Kadeh demişken, Gürcistan denince akla gelen birkaç şeyden biri ev yapımı Gürcü şarapları. Gürcistan’ın şarap üretiminin 8 bin yıl önceye, M.Ö. 6 binlere dayandığı bilgileri var. Bölgenin ılıman iklim koşulları bağcılık için elverişli. Toprak kaplarda toprağa gömülerek saklanan Gürcü şarapları, 2013 yılında Unesco Somut Olmayan Kültürel Miraslar Listesi’ne eklenmiş. Öğle yemeği için Zugdidi’de durunca tadına bakmamız kaçınılmaz.
Balkonumuzdan gece manzarası...Svan Kulesi
Megreller’in yani Hristiyan Lazlar’ın şehri Zugdidi, yolculuklar için bir keşişim
noktası, merkez. Öğle yemeğimiz Diaroni Restoran’da. Buraya gelmişken Gürcü
yemeklerinden bahsedeyim biraz. Gürcü mutfağı, daha çok hamur işi ve etten
oluşuyor. Yemeklerde bolca kişniş
kullanıyorlar. Bizde maydanoz neyse, onlarda kişniş o. Khachapuri, bizdeki
pideye benziyor. Mayasız hamurla yapılıyor. Kapalı ve açık olanları var.
Peynirli, etli, kıymalı yapılıyor. Gezimiz boyunca en çok yediğimiz yemek bu
diyebilirim. Khinkali, ülkemizde bazı yörelerde yapılan Hinkalin daha
büyüğü. Gürcü mantısı. Ama 3-4 adet
yemek yeterli olabilir.
Zugdidi’ye giderseniz, Diaroni Restoran’ı es geçmeyin.

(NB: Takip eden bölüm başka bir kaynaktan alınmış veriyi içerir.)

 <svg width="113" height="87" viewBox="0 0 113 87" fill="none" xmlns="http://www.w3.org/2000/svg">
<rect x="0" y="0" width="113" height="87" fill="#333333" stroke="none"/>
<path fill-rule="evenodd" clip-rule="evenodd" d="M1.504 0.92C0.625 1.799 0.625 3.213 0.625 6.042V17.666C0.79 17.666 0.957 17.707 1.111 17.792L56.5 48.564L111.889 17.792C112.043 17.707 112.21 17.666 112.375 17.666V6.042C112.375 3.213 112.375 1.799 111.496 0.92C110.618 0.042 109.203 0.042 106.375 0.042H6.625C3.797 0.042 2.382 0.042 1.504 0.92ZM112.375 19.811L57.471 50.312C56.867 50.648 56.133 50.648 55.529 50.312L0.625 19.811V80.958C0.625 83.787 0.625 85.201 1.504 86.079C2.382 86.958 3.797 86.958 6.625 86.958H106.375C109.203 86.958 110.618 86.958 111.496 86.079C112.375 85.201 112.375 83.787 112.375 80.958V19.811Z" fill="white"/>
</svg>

Yeniden yola koyulduk. Zugdidi’den
sonra dağlara doğru tırmanma başlıyor. Mestia 1500 metre yükseklikte. Mestia’nın içinde bulunduğu bölgeye Yukarı
Svaneti deniyor. Biz, bazen daha yükseğe çıkıp inerek, virajlı yollardan nefis
bir doğanın içinden ilerliyoruz. Kah akarsulara tepeden bakıyoruz, kah
şelalerinin yanından geçiyoruz. Rengarenk ormanlarsa gözümüzün önünden hiç
eksik olmuyor. Pastoral bir senfoninin içinde masal diyarına doğru yol
alıyoruz. Durup temiz havayı
ciğerlerimize çekiyoruz kimi zaman, koşu yapanlarımız bile var.
Güneş alçalırken Mestia’ya vardık. İlk bakışta küçücük bir kasaba burası
ama vaat ettikleri boyundan büyük. Bir
ortaçağ masalı yaşatacak bize, hissediyoruz. Ama güneş batmadan dağlarda
olmalıyız. Bu yüzden otelimize yerleşmeden Kaptanımız Coni’nin midibüsünden
inip 4x4 araçlara biniyoruz.
Ve masal kitabının kapak fotosundayız. Gürcüce, ‘Bir Dilek Tut’ yazıyor
çerçevede…Bakalım masalın sonunda dileklerimiz gerçek olacak mı?
3 yorum:
Harika gezimizi masal tadında tekrar yaşattığın için çok teşekkürler
Ne güzel, sade dille anlatmışsın. Emeğine sağlık.